Accuracy is defined as the number of matched bases in the alignment divided by the total number of bases in the reference sequence.

Alignment rates

Match, mismatch, insertion, and deletion rates are calculated as the number of events of each case divided by the length of the reference unless otherwise stated.

Homopolymer error rates

Homopolymer regions are defined as consecutive sequences of the same base of length 5 or longer. Error rates on homopolymer regions are calculated by counting the number of homopolymers with errors (one or more mismatches, insertions, or deletions) and dividing it by the number of homopolymer bases.

PhredQ scoring

PhredQ scores are calculated using the fast_ctc_decode library from ONT. Average quality scores are calculated for all the correct and incorrect bases for each read. Differences between mean scores between correct and incorrect bases are reported. AUCs are calculated by sorting the basecalled reads according to their mean Phred quality score and calculating the average match rate for cumulative fraction of reads in steps of 50.

Error profiles

Error profiles are calculated for all 3-mers by counting the number of events (mismatches for each base, insertions and deletions) in the context of the two neighboring bases of the event itself according to the basecalls. Rates for each event are calculated by dividing each event count by the total number of 3-mer occurrences in the read. Error profiles are also calculated for each base, independently of their context. Randomness of error is defined as the Jensen-Shannon divergence between each 3-mer error profile and their corresponding base error profile.

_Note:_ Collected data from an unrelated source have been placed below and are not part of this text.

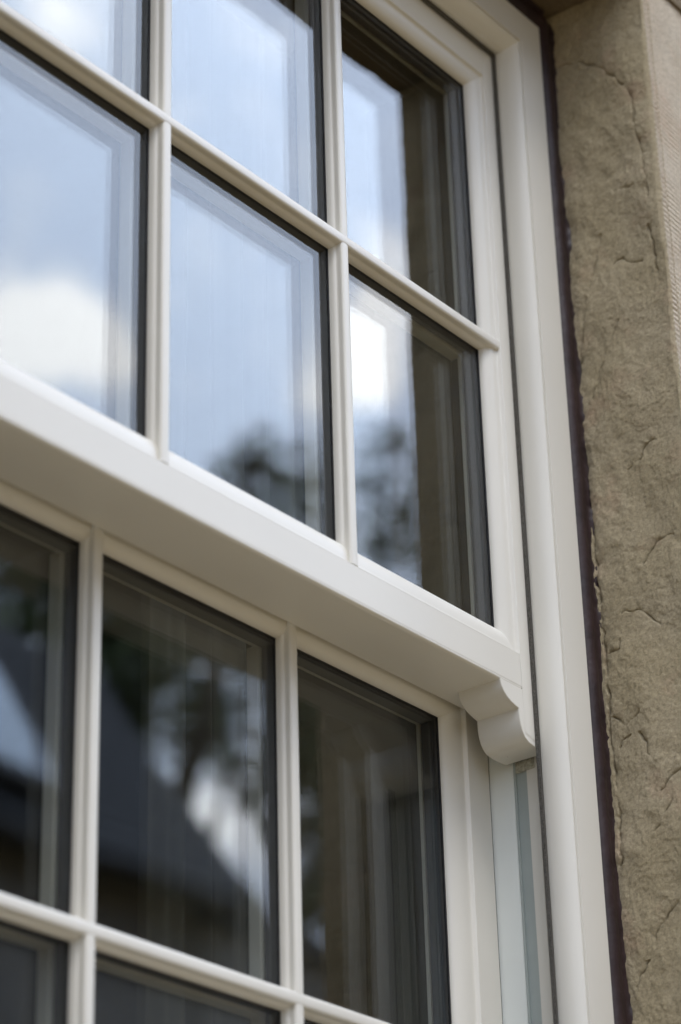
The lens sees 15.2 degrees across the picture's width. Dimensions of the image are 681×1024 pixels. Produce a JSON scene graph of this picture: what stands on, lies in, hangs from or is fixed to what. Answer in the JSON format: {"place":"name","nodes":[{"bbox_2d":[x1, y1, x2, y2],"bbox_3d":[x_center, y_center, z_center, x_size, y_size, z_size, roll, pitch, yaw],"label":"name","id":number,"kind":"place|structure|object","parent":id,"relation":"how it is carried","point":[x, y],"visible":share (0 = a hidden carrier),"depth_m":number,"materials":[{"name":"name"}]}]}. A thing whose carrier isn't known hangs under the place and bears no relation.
{"place":"outdoors","nodes":[
{"label":"outdoors","id":0,"kind":"place"},
{"bbox_2d":[0,0,470,1023],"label":"room","id":1,"kind":"object","parent":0,"point":[362,916],"visible":0.17,"depth_m":4.40,"materials":[{"name":"paint"}]},
{"bbox_2d":[136,0,303,1023],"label":"curtain","id":2,"kind":"object","parent":1,"relation":"hanging from","point":[230,391],"visible":0.68,"depth_m":2.90,"materials":[{"name":"fabric"}]},
{"bbox_3d":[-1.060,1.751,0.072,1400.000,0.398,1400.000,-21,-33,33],"label":"ground","id":3,"kind":"structure","parent":0,"visible":0},
{"bbox_3d":[-0.689,-0.595,1.968,0.365,6.300,11.500,-21,-33,33],"label":"stone wall","id":4,"kind":"object","parent":3,"relation":"on","visible":0},
{"bbox_3d":[0.010,0.943,2.056,0.415,0.115,1.682,-21,-33,33],"label":"stone sill","id":5,"kind":"object","parent":4,"relation":"on","visible":0},
{"bbox_2d":[0,0,613,1023],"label":"sash window","id":6,"kind":"structure","parent":5,"relation":"on","point":[490,696],"depth_m":2.66,"materials":[{"name":"beige plastic"}]},
{"bbox_2d":[507,0,632,1023],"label":"sealant bead","id":7,"kind":"object","parent":6,"relation":"attached to","point":[531,11],"visible":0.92,"depth_m":2.90,"materials":[{"name":"black rubber"}]},
{"bbox_2d":[547,0,680,1023],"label":"stone jamb","id":8,"kind":"object","parent":5,"relation":"on","point":[618,69],"visible":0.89,"depth_m":2.94,"materials":[{"name":"stone"}]},
{"bbox_2d":[532,0,680,18],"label":"stone lintel","id":9,"kind":"structure","parent":8,"relation":"on","point":[550,8],"depth_m":3.24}
]}

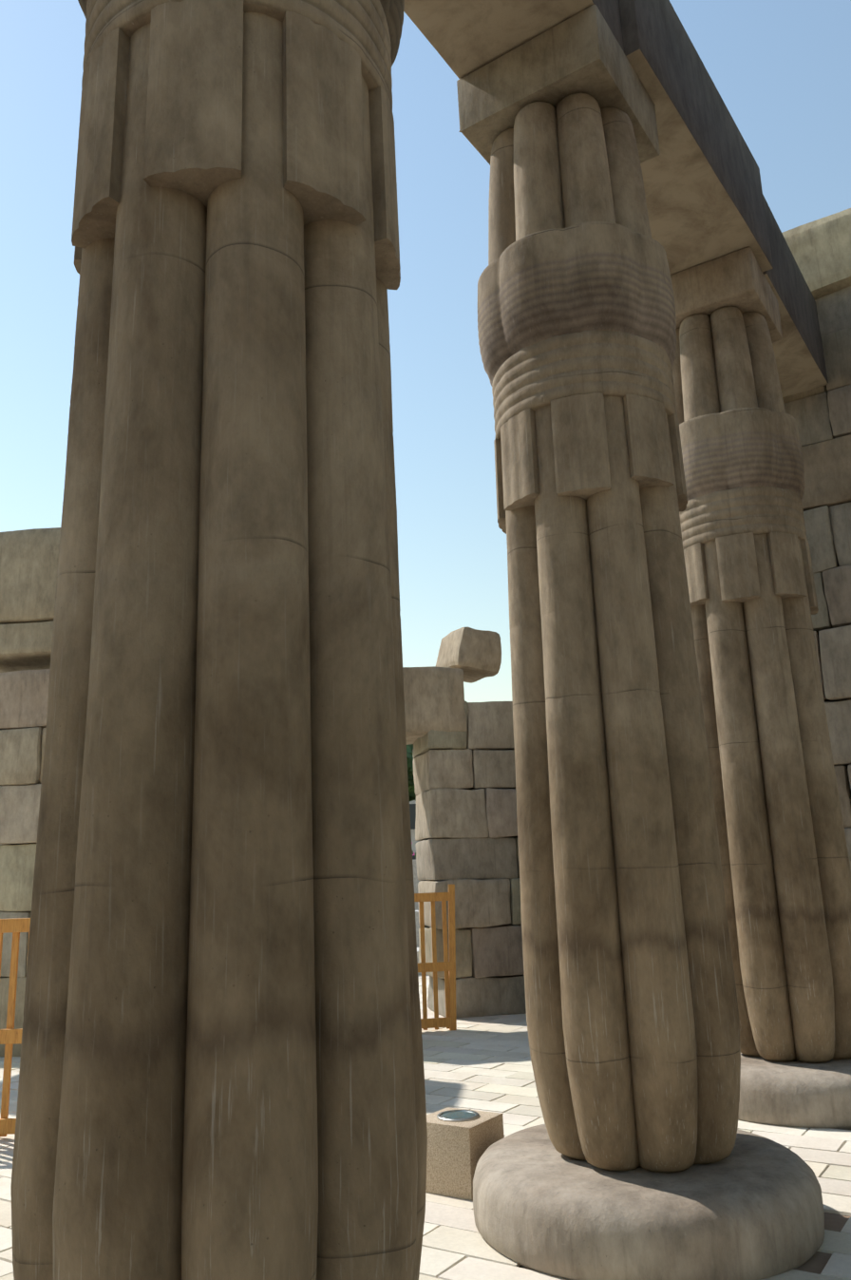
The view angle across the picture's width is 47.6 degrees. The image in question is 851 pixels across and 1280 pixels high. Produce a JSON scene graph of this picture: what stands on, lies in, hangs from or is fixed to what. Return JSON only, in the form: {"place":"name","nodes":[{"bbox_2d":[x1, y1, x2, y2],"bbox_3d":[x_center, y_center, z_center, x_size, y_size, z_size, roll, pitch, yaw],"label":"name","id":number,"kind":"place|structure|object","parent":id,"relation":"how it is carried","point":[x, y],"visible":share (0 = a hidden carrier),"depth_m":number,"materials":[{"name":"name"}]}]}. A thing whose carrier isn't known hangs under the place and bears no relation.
{"place":"outdoors","nodes":[
{"label":"outdoors","id":0,"kind":"place"},
{"bbox_2d":[409,803,416,859],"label":"town windows","id":1,"kind":"structure","parent":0,"point":[412,810],"depth_m":53.99,"materials":[{"name":"grey glass"}]},
{"bbox_2d":[0,974,850,1279],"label":"paving","id":2,"kind":"structure","parent":0,"point":[479,1062],"depth_m":6.03,"materials":[{"name":"beige stone"}]},
{"bbox_2d":[0,917,30,1136],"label":"wooden gate","id":3,"kind":"structure","parent":2,"relation":"on","point":[9,1036],"depth_m":6.77,"materials":[{"name":"brown wood"}]},
{"bbox_2d":[0,668,49,1056],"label":"stone wall","id":4,"kind":"structure","parent":2,"relation":"on","point":[24,695],"depth_m":10.40,"materials":[{"name":"stone"}]},
{"bbox_2d":[0,527,60,672],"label":"gate lintel","id":5,"kind":"structure","parent":4,"relation":"on","point":[28,563],"depth_m":10.95,"materials":[{"name":"stone"}]},
{"bbox_2d":[10,0,427,1279],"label":"column","id":6,"kind":"structure","parent":2,"relation":"on","point":[221,1068],"depth_m":2.50,"materials":[{"name":"stone"}]},
{"bbox_2d":[403,0,624,78],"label":"architrave","id":7,"kind":"object","parent":6,"relation":"on","point":[465,38],"visible":0.44,"depth_m":5.69,"materials":[{"name":"stone"}]},
{"bbox_2d":[414,884,457,1031],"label":"wooden gate","id":8,"kind":"structure","parent":2,"relation":"on","point":[448,965],"depth_m":10.63,"materials":[{"name":"brown wood"}]},
{"bbox_2d":[403,666,526,1018],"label":"wall","id":9,"kind":"structure","parent":2,"relation":"on","point":[467,816],"depth_m":11.85,"materials":[{"name":"stone"}]},
{"bbox_2d":[402,627,501,745],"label":"stone block","id":10,"kind":"structure","parent":9,"relation":"attached to","point":[469,655],"depth_m":12.24,"materials":[{"name":"stone"}]},
{"bbox_2d":[425,1107,504,1201],"bbox_3d":[0.189,2.821,5.314,0.373,0.364,0.372,-11,-16,32],"label":"stone pedestal","id":11,"kind":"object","parent":2,"relation":"on","point":[456,1151],"depth_m":5.16,"materials":[{"name":"beige stone"}]},
{"bbox_2d":[437,1109,479,1122],"bbox_3d":[0.182,2.642,5.357,0.236,0.012,0.236,-2,-14,-1],"label":"metal disc","id":12,"kind":"object","parent":11,"relation":"in","point":[455,1116],"visible":1,"depth_m":5.34,"materials":[{"name":"silver metal"}]},
{"bbox_2d":[473,1123,824,1279],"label":"column base","id":13,"kind":"object","parent":2,"relation":"on","point":[751,1207],"visible":0.75,"depth_m":4.10,"materials":[{"name":"beige stone"}]},
{"bbox_2d":[457,4,741,1172],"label":"column","id":14,"kind":"structure","parent":13,"relation":"on","point":[632,1014],"depth_m":4.97,"materials":[{"name":"stone"}]},
{"bbox_2d":[738,1052,850,1129],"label":"column base","id":15,"kind":"object","parent":2,"relation":"on","point":[796,1093],"visible":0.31,"depth_m":6.27,"materials":[{"name":"beige stone"}]},
{"bbox_2d":[670,247,850,1062],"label":"column","id":16,"kind":"structure","parent":15,"relation":"on","point":[784,853],"depth_m":7.25,"materials":[{"name":"stone"}]},
{"bbox_2d":[618,0,773,275],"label":"architrave","id":17,"kind":"object","parent":16,"relation":"on","point":[701,175],"visible":0.48,"depth_m":7.10,"materials":[{"name":"stone"}]},
{"bbox_2d":[783,286,850,870],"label":"end wall","id":18,"kind":"structure","parent":2,"relation":"on","point":[822,415],"depth_m":9.87,"materials":[{"name":"stone"}]},
{"bbox_2d":[763,194,827,397],"bbox_3d":[3.172,-3.297,9.535,0.936,0.989,2.439,-11,-16,32],"label":"architrave","id":19,"kind":"object","parent":18,"relation":"attached to","point":[798,350],"visible":0.19,"depth_m":9.45,"materials":[{"name":"stone"}]},
{"bbox_2d":[782,208,850,299],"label":"end wall cornice","id":20,"kind":"structure","parent":18,"relation":"on","point":[821,250],"depth_m":10.25,"materials":[{"name":"beige stone"}]},
{"bbox_2d":[0,0,850,702],"label":"sky","id":21,"kind":"structure","parent":0,"point":[781,69],"materials":[{"name":"blue"}]},
{"bbox_2d":[466,1129,850,1274],"bbox_3d":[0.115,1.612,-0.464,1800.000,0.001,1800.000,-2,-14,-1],"label":"ground","id":22,"kind":"structure","parent":0,"point":[817,1262],"depth_m":4.21,"materials":[{"name":"grey stone"}]},
{"bbox_2d":[406,744,416,801],"bbox_3d":[-0.946,5.300,29.485,4.438,6.993,4.983,-2,-14,-1],"label":"tree","id":23,"kind":"object","parent":22,"relation":"on","point":[410,778],"visible":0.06,"depth_m":28.64,"materials":[{"name":"green plant"}]},
{"bbox_2d":[409,800,477,974],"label":"town","id":24,"kind":"object","parent":22,"relation":"on","point":[416,881],"depth_m":22.16}
]}

Software and hardware requirements

Packages and their versions used for training and evaluation can be found on (Additional file 1: Table S6). All analysis were run on Python 3.7.8 and CUDA version 10.2. We used the following hardware requirements: 32 CPU cores and 64Gb of RAM (data processing and model performance evaluation); it is possible to reduce these requirements at the expense of longer compute time; 4 CPU cores, 128Gb of RAM, and 1 NVIDIA RTX6000 GPU (model training basecalling).